:: Data provided
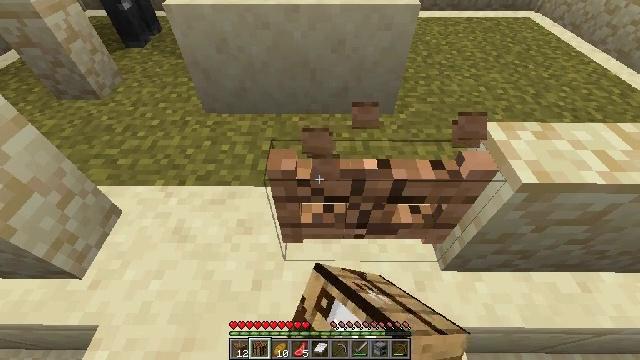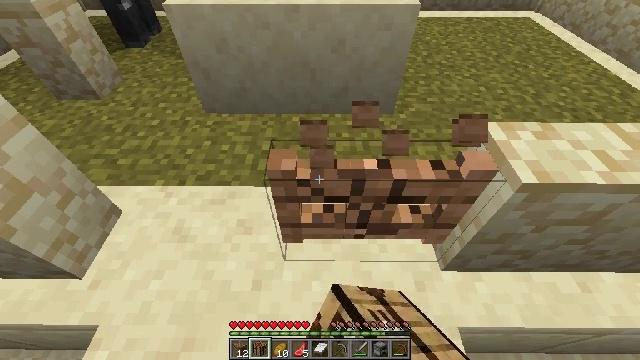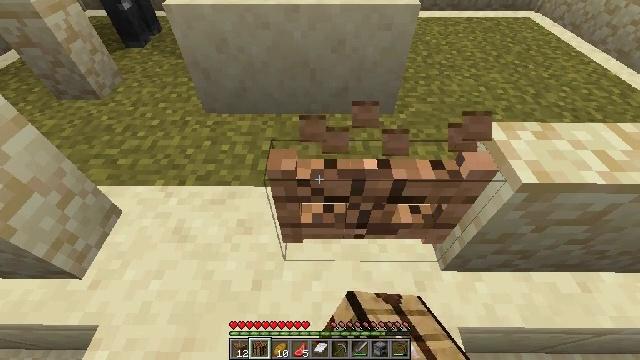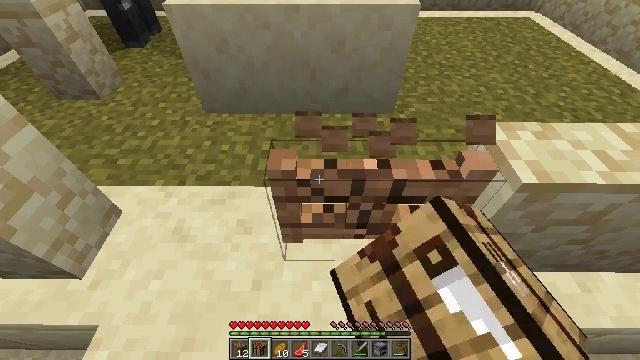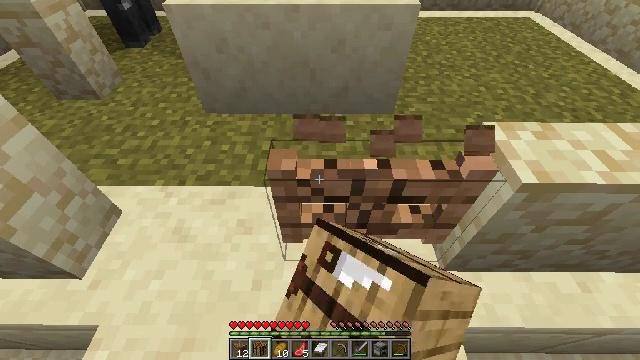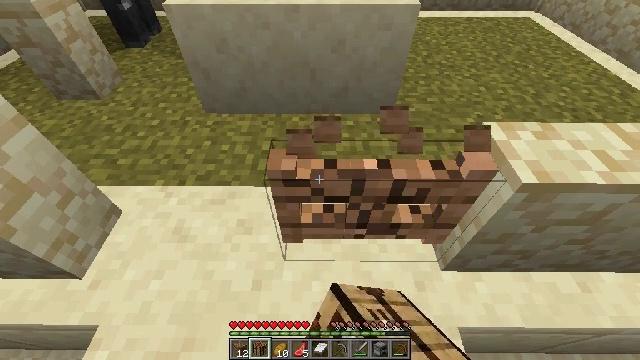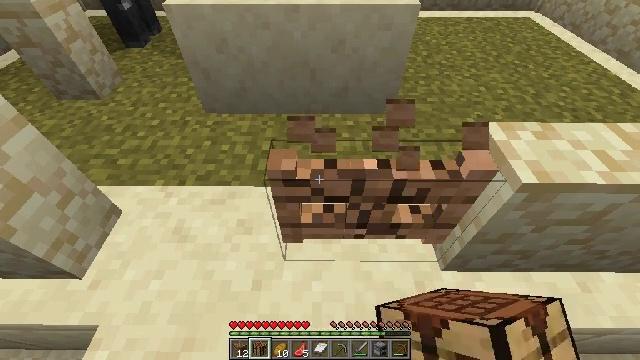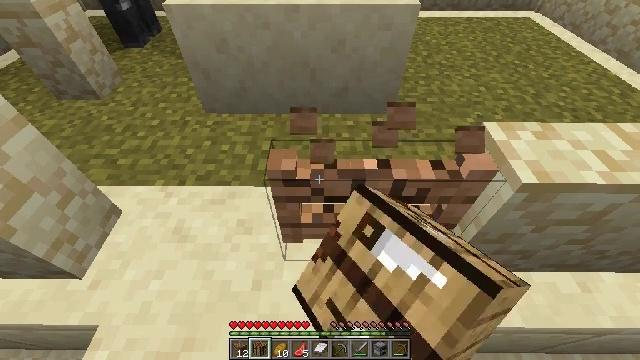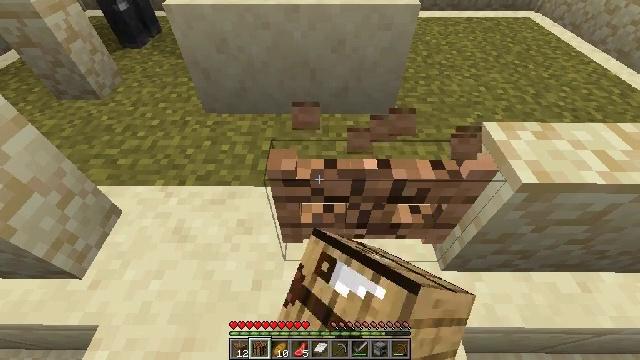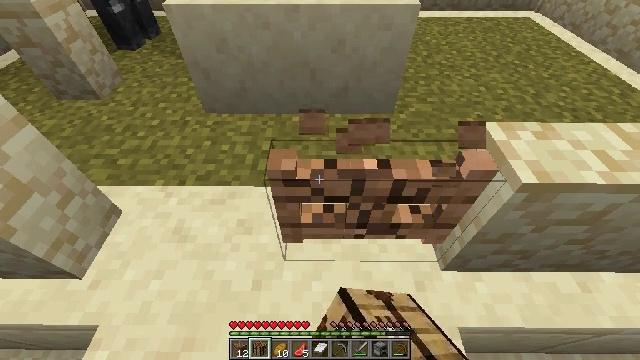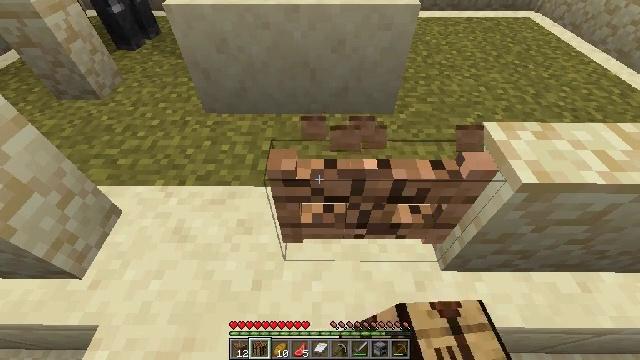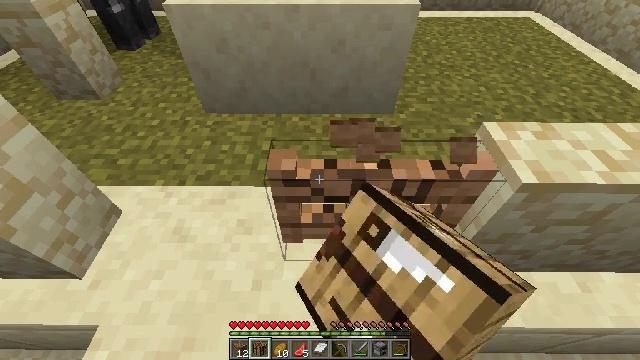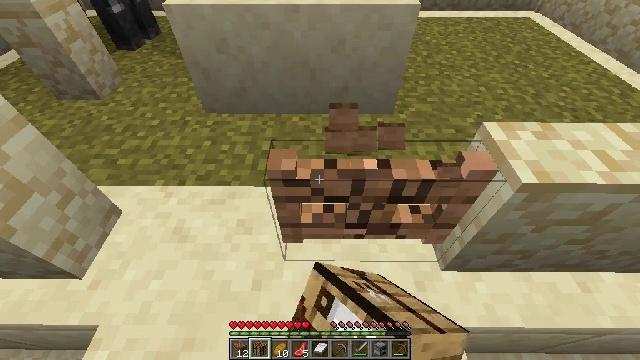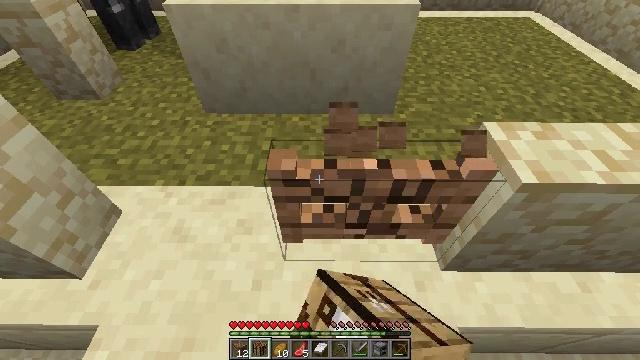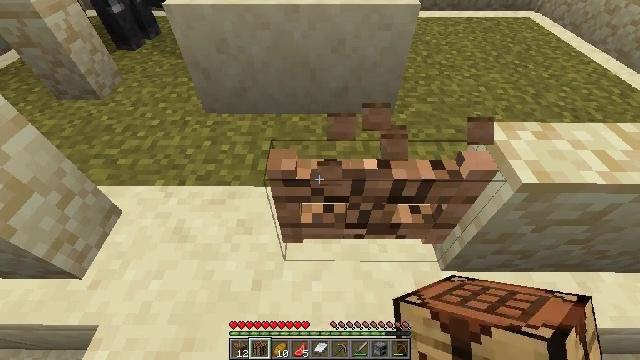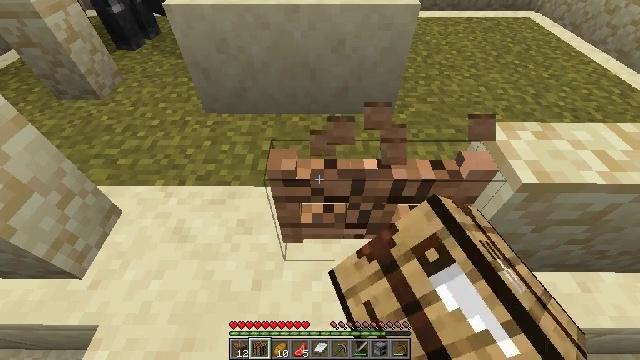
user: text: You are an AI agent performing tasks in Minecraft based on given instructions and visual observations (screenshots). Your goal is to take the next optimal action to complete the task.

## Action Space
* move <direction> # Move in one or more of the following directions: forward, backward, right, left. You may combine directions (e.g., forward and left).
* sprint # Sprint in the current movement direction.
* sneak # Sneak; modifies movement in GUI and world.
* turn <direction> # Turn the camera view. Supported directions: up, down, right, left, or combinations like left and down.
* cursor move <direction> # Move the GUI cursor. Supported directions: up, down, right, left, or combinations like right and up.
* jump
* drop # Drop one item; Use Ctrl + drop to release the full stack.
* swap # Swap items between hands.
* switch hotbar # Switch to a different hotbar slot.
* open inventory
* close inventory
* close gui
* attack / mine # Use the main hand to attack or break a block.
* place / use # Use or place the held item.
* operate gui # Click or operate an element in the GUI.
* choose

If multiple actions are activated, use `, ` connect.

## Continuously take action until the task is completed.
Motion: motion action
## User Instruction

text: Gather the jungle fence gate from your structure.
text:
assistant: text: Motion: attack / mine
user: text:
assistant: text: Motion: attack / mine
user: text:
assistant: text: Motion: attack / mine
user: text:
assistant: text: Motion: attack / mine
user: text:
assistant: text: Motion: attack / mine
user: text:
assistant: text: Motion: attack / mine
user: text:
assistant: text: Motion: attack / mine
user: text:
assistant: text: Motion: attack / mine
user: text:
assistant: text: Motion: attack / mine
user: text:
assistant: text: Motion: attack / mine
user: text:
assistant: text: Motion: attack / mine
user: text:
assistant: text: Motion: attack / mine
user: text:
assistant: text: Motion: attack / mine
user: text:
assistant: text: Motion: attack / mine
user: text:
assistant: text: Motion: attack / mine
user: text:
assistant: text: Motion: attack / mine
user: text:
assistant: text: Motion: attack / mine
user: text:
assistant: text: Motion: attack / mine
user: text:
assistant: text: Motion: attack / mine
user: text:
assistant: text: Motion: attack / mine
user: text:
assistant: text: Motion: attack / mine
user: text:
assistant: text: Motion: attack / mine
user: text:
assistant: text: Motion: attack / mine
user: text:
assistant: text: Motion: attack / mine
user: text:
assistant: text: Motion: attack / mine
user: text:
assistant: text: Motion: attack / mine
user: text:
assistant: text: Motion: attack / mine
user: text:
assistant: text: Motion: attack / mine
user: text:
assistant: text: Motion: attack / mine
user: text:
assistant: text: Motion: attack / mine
::::
### What you need to do:
Take every line from the data that contains the word "movement".

### Final answer:
* sprint # Sprint in the current movement direction.
* sneak # Sneak; modifies movement in GUI and world.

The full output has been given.